🤖 AI Summary
To address the performance and energy-efficiency degradation in DNN inference caused by data movement bottlenecks, this paper proposes DataMaestro—a novel dataflow engine featuring a decoupled streaming memory-access architecture tailored for dataflow accelerators. Key innovations include strict separation of computation and memory access, programmable address generation, fine-grained dynamic prefetching, bank-conflict-aware address-mode switching, and on-the-fly on-chip data transformation to reduce memory traffic.
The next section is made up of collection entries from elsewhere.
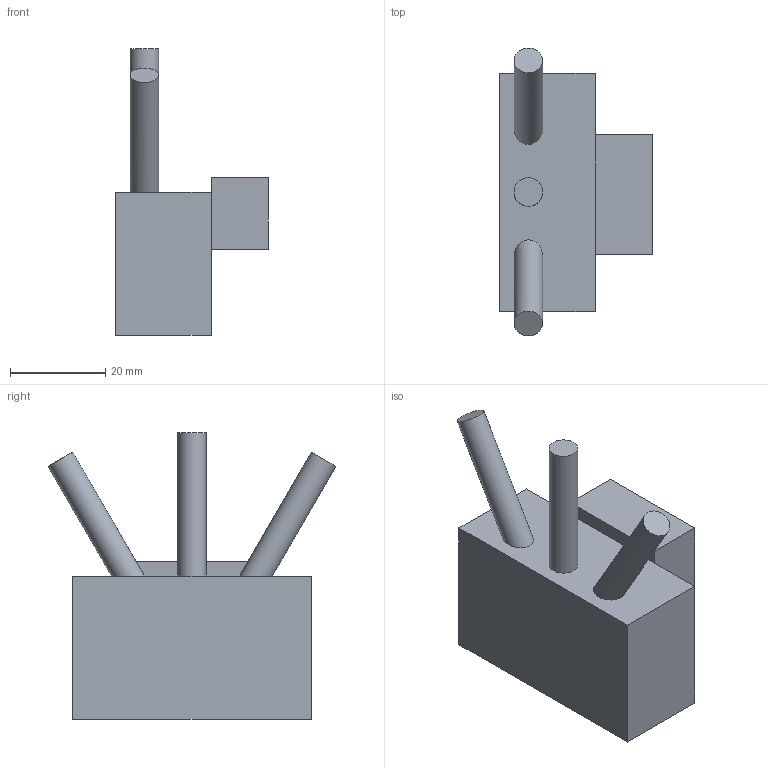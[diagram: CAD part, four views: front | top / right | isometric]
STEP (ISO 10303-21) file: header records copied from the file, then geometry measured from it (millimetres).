
FILE_DESCRIPTION(('FreeCAD Model'),'2;1');
FILE_NAME('newofficial.step', '2017-06-30T11:31:17',('FreeCAD'),('FreeCAD'), 'Open CASCADE STEP processor 6.8','FreeCAD','Unknown');
FILE_SCHEMA(('AUTOMOTIVE_DESIGN_CC2 { 1 2 10303 214 -1 1 5 4 }'));
Length unit declared in the file: millimetre
Products named in the file (6): Open CASCADE STEP translator 6.8 2; Open CASCADE STEP translator 6.8 2.1; Open CASCADE STEP translator 6.8 2.2; Open CASCADE STEP translator 6.8 2.3; Open CASCADE STEP translator 6.8 2.4; Open CASCADE STEP translator 6.8 2.5
Assembly tree (5 placements, depth 2):
  Open CASCADE STEP translator 6.8 2
    Open CASCADE STEP translator 6.8 2.1
    Open CASCADE STEP translator 6.8 2.2
    Open CASCADE STEP translator 6.8 2.3
    Open CASCADE STEP translator 6.8 2.4
    Open CASCADE STEP translator 6.8 2.5
Bounding box: 32 x 60.39 x 60 mm (x, y, z)
Volume: 36946.7 mm3; surface area: 9719.6 mm2
Topology: 5 solids, 5 shells, 21 faces, 34 edges, 23 vertices
Faces by surface type: plane 18, cylinder 3
Full cylindrical faces by diameter (mm): 6 x3
Entity records: 1062 total; most frequent: CARTESIAN_POINT 203, DIRECTION 160, LINE 85, VECTOR 85, ORIENTED_EDGE 68, PCURVE 68, DEFINITIONAL_REPRESENTATION 68, AXIS2_PLACEMENT_3D 34

Evaluated on a RISC-V host with FPGA prototyping and VLSI synthesis, DataMaestro achieves near 100% core utilization on Tensor Core–style GEMM accelerators, outperforming state-of-the-art designs by 1.05×–21.39×. The memory-access engine occupies only 6.43% of total chip area and consumes just 15.06% of system power, delivering substantial improvements in energy efficiency.
📝 Abstract
Deep Neural Networks (DNNs) have achieved remarkable success across various intelligent tasks but encounter performance and energy challenges in inference execution due to data movement bottlenecks. We introduce DataMaestro, a versatile and efficient data streaming unit that brings the decoupled access/execute architecture to DNN dataflow accelerators to address this issue. DataMaestro supports flexible and programmable access patterns to accommodate diverse workload types and dataflows, incorporates fine-grained prefetch and addressing mode switching to mitigate bank conflicts, and enables customizable on-the-fly data manipulation to reduce memory footprints and access counts. We integrate five DataMaestros with a Tensor Core-like GeMM accelerator and a Quantization accelerator into a RISC-V host system for evaluation. The FPGA prototype and VLSI synthesis results demonstrate that DataMaestro helps the GeMM core achieve nearly 100% utilization, which is 1.05-21.39x better than state-of-the-art solutions, while minimizing area and energy consumption to merely 6.43% and 15.06% of the total system.